The infrastructure package will send states hundreds of billions of dollars for roads over the next five years, with states having discretion over the bulk of the spending. The Biden administration recently drew pushback from Republicans after putting out guidance that encouraged using the money to fix highways before expanding infrastructure.
Republican lawmakers and governors say they want flexibility to spend the dollars as they see fit, and that the administration’s guidance appears to restrict that. Landrieu played down GOP concerns, pointing to states’ discretion over formula funds under the law. The Transportation Department has stood by its nonbinding recommendations.
The administration won’t tell a governor it knows better, Landrieu said.
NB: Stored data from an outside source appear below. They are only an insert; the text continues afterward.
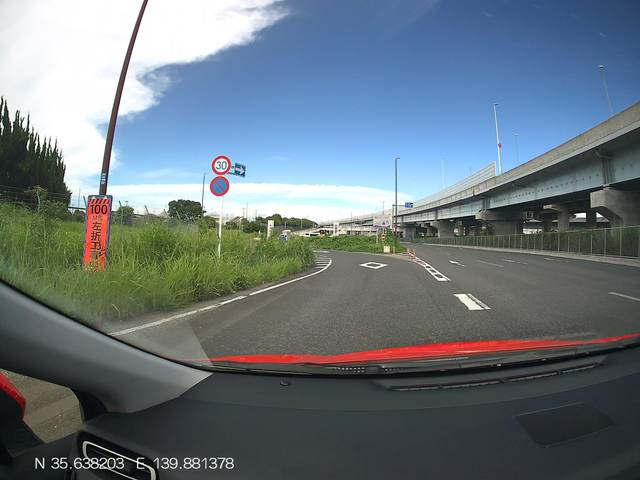
Region: Japan
Coordinates: 35.638, 139.882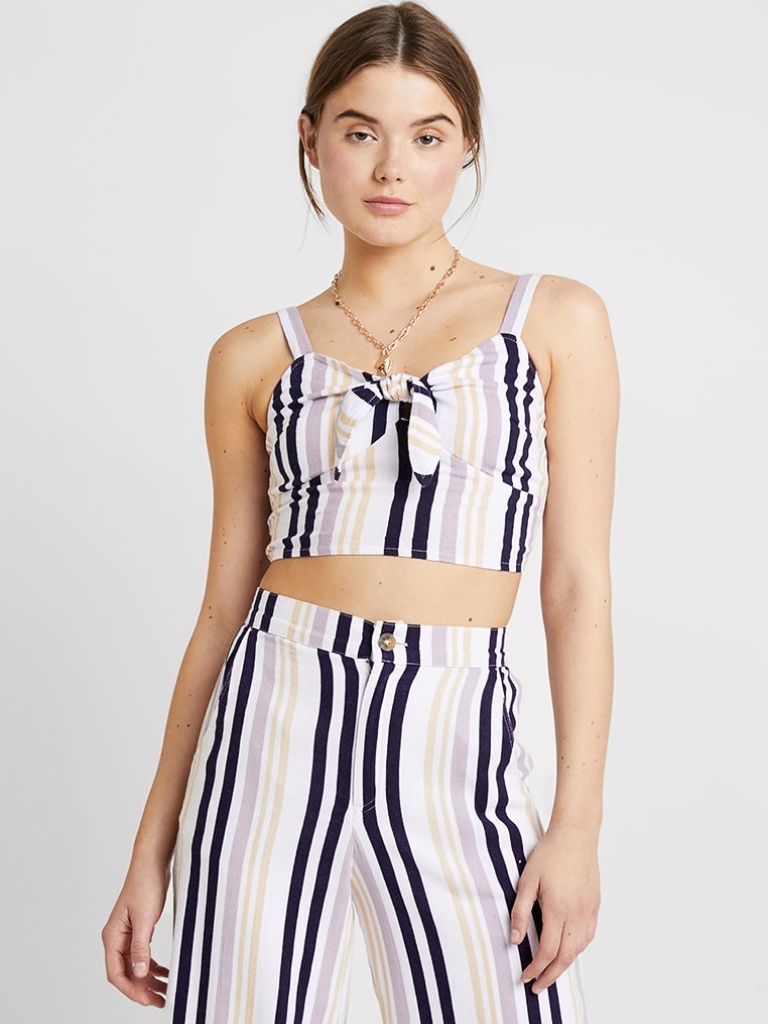
cotton tight sleeveless cropped length Untucked sweetheart bustier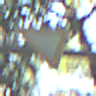
Verkehrszeichen: VorfahrtGewaehren
Umgebung: Outdoor, Nature
Tageszeit: Midday
Wetter: Clear
Licht: Natural
Jahreszeit: NotSpecified
Kontrast: LowContrast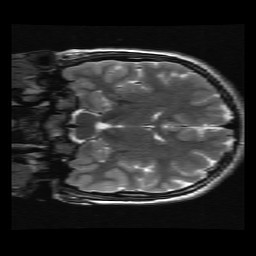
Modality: T2w
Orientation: coronal
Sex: female
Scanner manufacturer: ge
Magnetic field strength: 3 T
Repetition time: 5 s
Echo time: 0.1012 s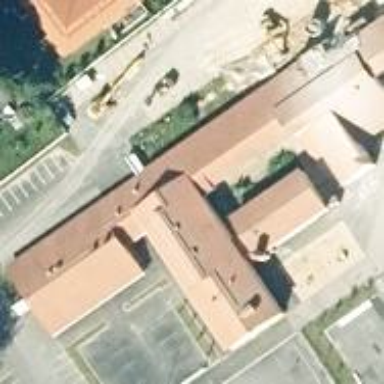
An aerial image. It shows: School building.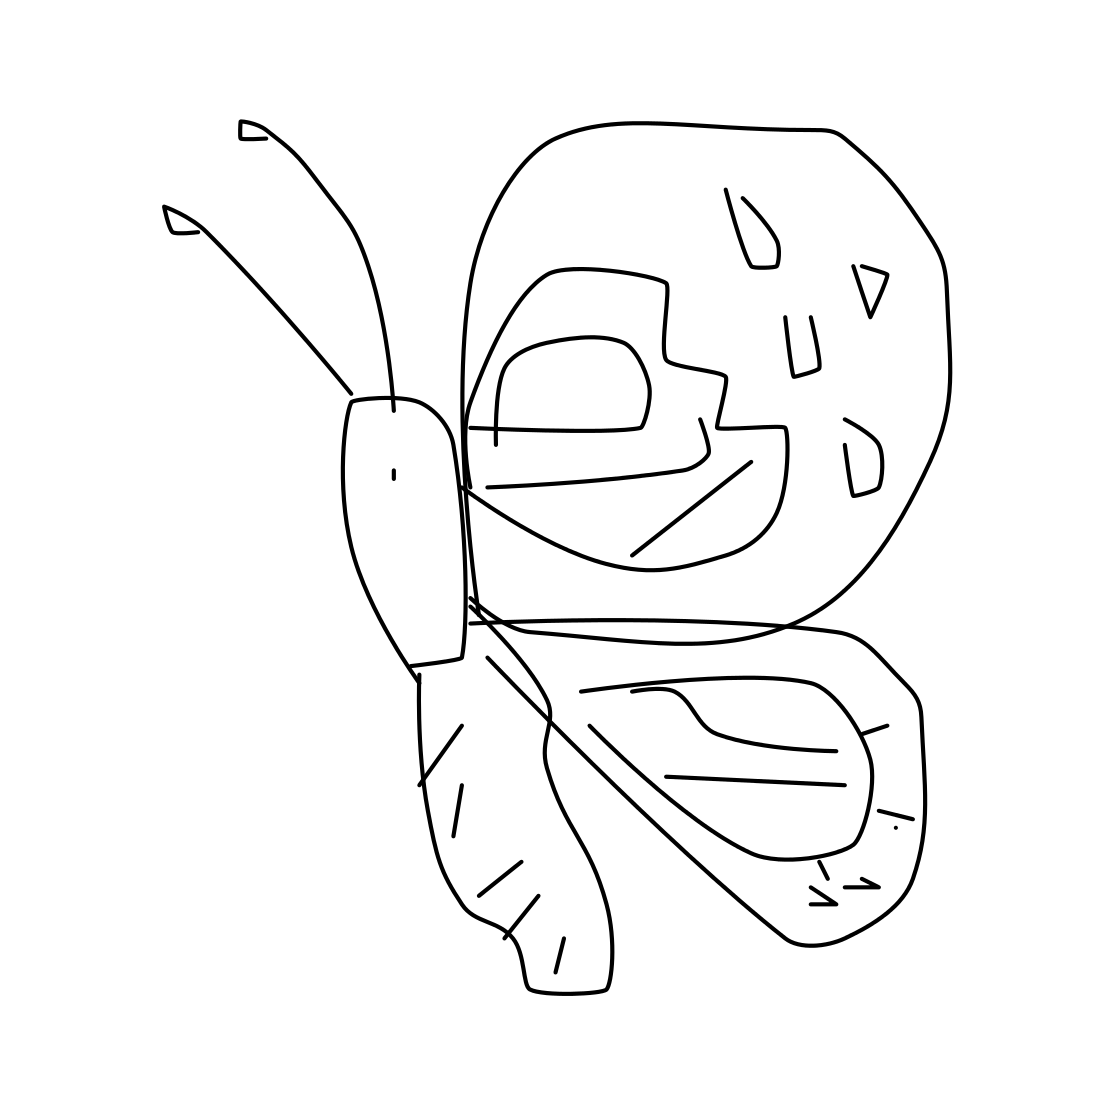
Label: butterfly
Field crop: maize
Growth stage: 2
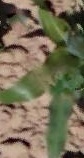
Species: maize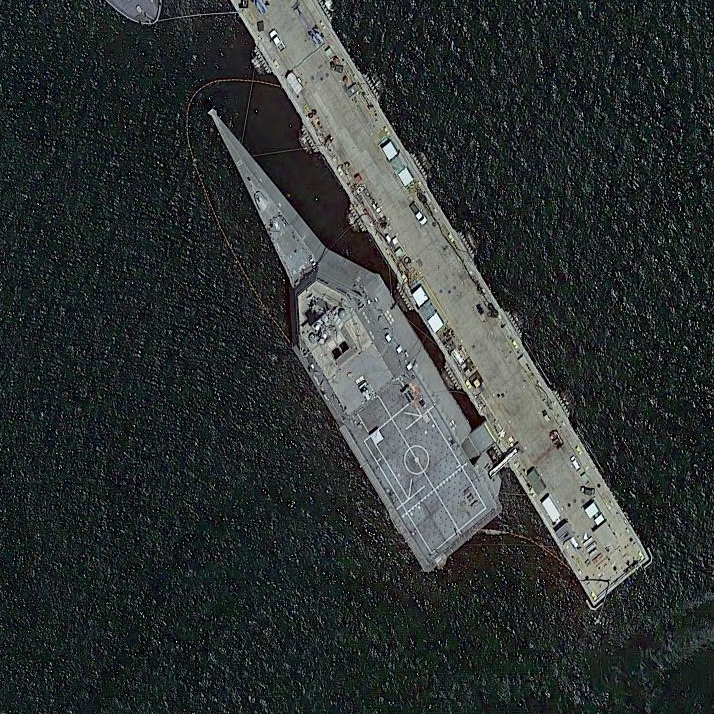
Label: Independence-class_combat_ship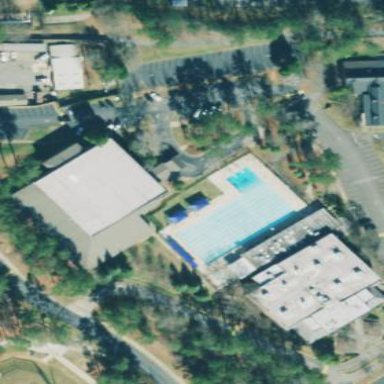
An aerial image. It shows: Swimming pool within leisure land area designed for swimming activities.
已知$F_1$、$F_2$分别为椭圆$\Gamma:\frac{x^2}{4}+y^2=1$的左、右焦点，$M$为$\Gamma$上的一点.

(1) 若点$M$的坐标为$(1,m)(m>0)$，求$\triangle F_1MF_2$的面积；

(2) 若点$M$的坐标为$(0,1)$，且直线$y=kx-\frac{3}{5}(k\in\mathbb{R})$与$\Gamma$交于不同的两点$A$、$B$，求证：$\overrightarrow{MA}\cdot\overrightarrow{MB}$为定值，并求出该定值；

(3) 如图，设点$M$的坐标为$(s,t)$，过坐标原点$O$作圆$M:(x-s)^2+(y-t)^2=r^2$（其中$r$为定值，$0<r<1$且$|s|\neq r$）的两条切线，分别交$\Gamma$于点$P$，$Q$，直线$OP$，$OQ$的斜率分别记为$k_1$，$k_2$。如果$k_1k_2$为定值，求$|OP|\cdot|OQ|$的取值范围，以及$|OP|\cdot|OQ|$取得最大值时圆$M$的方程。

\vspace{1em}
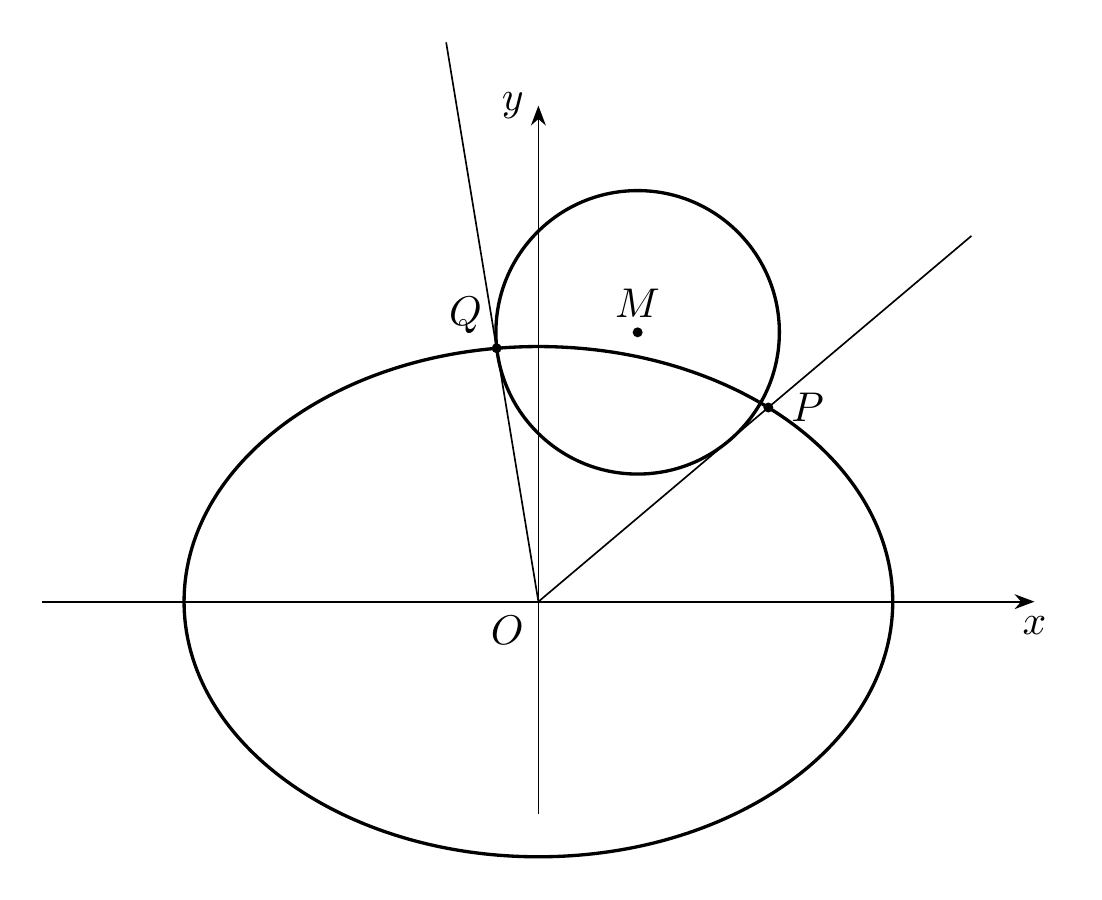
【解答】
【答案】

(1)$\frac{3}{2}$；

(2)证明见解析，$0$；

(3)$(2,\frac{5}{2}]$，圆$M$的方程为$(x\pm2)^2+y^2=\frac{4}{5}$或$x^2+(y\pm1)^2=\frac{4}{5}$。

\vspace{1em}

【知识点】求椭圆中的参数及范围、椭圆中的定值问题、根据韦达定理求参数、椭圆中焦点三角形的面积问题

\vspace{1em}

【分析】

(1) 将点$M(1,m)(m>0)$代入求出$m=\frac{\sqrt{3}}{2}$，再求出左、右焦点即可求解。

(2) 将直线与椭圆方程联立，利用韦达定理以及向量数量积的坐标运算即可求解。

(3) 设出直线$OP:y=k_1x$，直线$OQ:y=k_2x$，利用点到直线的距离公式可得$k_1$、$k_2$是关于$\xi$的方程$(s^2-r^2)\xi^2-2st\xi+t^2-r^2=0$的两实根，根据题意$k_1k_2$为定值，可得$k_1k_2=\delta=-\frac{1}{4}$，$r=\frac{2\sqrt{5}}{5}$，设$P(x_1,y_1)$，$Q(x_2,y_2)$，将直线$OP:y=k_1x$，直线$OQ:y=k_2x$与椭圆联立，求出$|OP|\cdot|OQ|\leq\frac{5}{2}$，即求。

\vspace{1em}

【详解】

(1) 由已知条件得$\frac{1^2}{4}+m^2=1$，因为$m>0$，则$m=\frac{\sqrt{3}}{2}$，又$F_1(-\sqrt{3},0),F_2(\sqrt{3},0)$，

因此$\triangle F_1MF_2$的面积为$S_{\triangle F_1MF_2}=\frac{1}{2}|F_1F_2|\cdot m=\frac{1}{2}\times2\sqrt{3}\times\frac{\sqrt{3}}{2}=\frac{3}{2}$。

\vspace{0.5em}

(2) 设$A(x_A,y_A),B(x_B,y_B)$，由
\[
\begin{cases}
\frac{x^2}{4}+y^2=1 \\
y=kx-\frac{3}{5}
\end{cases}
\]
得$(4k^2+1)x^2-\frac{24}{5}kx-\frac{64}{25}=0$，

$x_A+x_B=\frac{24k}{5(4k^2+1)},\ x_Ax_B=-\frac{64}{25(4k^2+1)}$，又$y_A=kx_A-\frac{3}{5}$，$y_B=kx_B-\frac{3}{5}$，

$\overrightarrow{MA}=(x_A,y_A-1),\ \overrightarrow{MB}=(x_B,y_B-1)$，

于是
\begin{align}
\overrightarrow{MA}\cdot\overrightarrow{MB}&=x_Ax_B+\left(kx_A-\frac{8}{5}\right)\left(kx_B-\frac{8}{5}\right) \notag \\
&=(k^2+1)x_Ax_B-\frac{8}{5}k(x_A+x_B)+\frac{64}{25} \notag \\
&=(k^2+1)\cdot\left[-\frac{64}{25(4k^2+1)}\right]-\frac{8}{5}k\cdot\frac{24k}{5(4k^2+1)}+\frac{64}{25} \notag \\
&=-\frac{64(k^2+1)}{25(4k^2+1)}-\frac{192k^2}{25(4k^2+1)}+\frac{64(4k^2+1)}{25(4k^2+1)} \notag \\
&=0, \notag
\end{align}
即$\overrightarrow{MA}\cdot\overrightarrow{MB}=0$为定值。

\vspace{0.5em}

(3) 因为直线$OP:y=k_1x$与$\odot M$相切，则$\frac{|k_1s-t|}{\sqrt{k_1^2+1}}=r$，即$(s^2-r^2)k_1^2-2stk_1+t^2-r^2=0$，

同理，由直线$OQ:y=k_2x$与$\odot M$相切，可得$(s^2-r^2)k_2^2-2stk_2+t^2-r^2=0$，

于是$k_1$、$k_2$是关于$\xi$的方程$(s^2-r^2)\xi^2-2st\xi+t^2-r^2=0$的两实根，

注意到$|s|\neq r$，且$\frac{s^2}{4}+t^2=1$，故$k_1k_2=\frac{t^2-r^2}{s^2-r^2}=\frac{\left(1-\frac{s^2}{4}\right)-r^2}{s^2-r^2}$，

因$k_1k_2$为定值，故不妨设$k_1k_2=\delta$（定值），

于是有$\delta=\frac{1-\frac{s^2}{4}-r^2}{s^2-r^2}$，即$\left(\delta+\frac{1}{4}\right)s^2+\left[-1+(1-\delta)r^2\right]=0$。

依题意可知，$s$变化，而$r$、$\delta$均为定值，即有
\[
\begin{cases}
\delta+\frac{1}{4}=0 \\
-1+(1-\delta)r^2=0
\end{cases}
\]
解得$k_1k_2=\delta=-\frac{1}{4}$，$r=\frac{2\sqrt{5}}{5}$，

设$P(x_1,y_1)$，$Q(x_2,y_2)$，由
\[
\begin{cases}
\frac{x^2}{4}+y^2=1 \\
y=k_1x
\end{cases}
\]
得
\[
\begin{cases}
x_1^2=\frac{4}{1+4k_1^2} \\
y_1^2=\frac{4k_1^2}{1+4k_1^2}
\end{cases}
\]
同理
\[
\begin{cases}
x_2^2=\frac{4}{1+4k_2^2} \\
y_2^2=\frac{4k_2^2}{1+4k_2^2}
\end{cases}
\]

所以
\begin{align}
|OP|^2\cdot|OQ|^2&=(x_1^2+y_1^2)(x_2^2+y_2^2) \notag \\
&=\frac{4(1+k_1^2)}{1+4k_1^2}\times\frac{4(1+k_2^2)}{1+4k_2^2} \notag \\
&=\frac{16(1+k_1^2+k_2^2+k_1^2k_2^2)}{1+4k_1^2+4k_2^2+16k_1^2k_2^2} \notag \\
&=\frac{17+16k_1^2+16k_2^2}{2+4k_1^2+4k_2^2} \notag \\
&=4+\frac{9}{2+4(k_1^2+k_2^2)} \notag \\
&\leq4+\frac{9}{2+4\cdot2\cdot|k_1k_2|}=\frac{25}{4}, \notag
\end{align}
当且仅当$|k_1|=|k_2|=\frac{1}{2}\ (k_1k_2<0)$时取等号，

因此$4<|OP|^2\cdot|OQ|^2\leq\frac{25}{4}$，解得$2<|OP|\cdot|OQ|\leq\frac{5}{2}$，所以$|OP|\cdot|OQ|$的范围为$(2,\frac{5}{2}]$，

当$k_1=-k_2=\frac{1}{2}$或$-k_1=k_2=\frac{1}{2}$时，直线$OP,OQ$关于坐标轴对称，此时圆心$M$为椭圆顶点，

所以圆$M$的方程为$(x\pm2)^2+y^2=\frac{4}{5}$或$x^2+(y\pm1)^2=\frac{4}{5}$。

\vspace{1em}

【点睛】

思路点睛：(1) 解答直线与椭圆的题目时，时常把两个曲线的方程联立，消去$x$(或$y$)建立一元二次方程，然后借助根与系数的关系，并结合题设条件建立有关参变量的等量关系。

(2) 涉及到直线方程的设法时，务必考虑全面，不要忽略直线斜率为$0$或不存在等特殊情形。

Rather, it would ask whether the state has considered all factors, such as potential effects on climate.
“You can imagine that the politics is going to get a little rough over time,” Landrieu said. “What we tell the governors is this: ‘Look, let’s not argue, theoretically, let’s look at the specific project and let us figure out together what works.’ ”
Transportation Secretary Pete Buttigieg also has defended his department’s approach to the highway spending and its guidance.
Landrieu said the administration is trying to find common ground with state governments.
“If we have to have an argument, if there’s an irreconcilable difference, we’ll call it, and if we have the authority to stop it, we will,” Landrieu said. “If we don’t, and we can just use the voice of the bully pulpit, we’ll do that too.”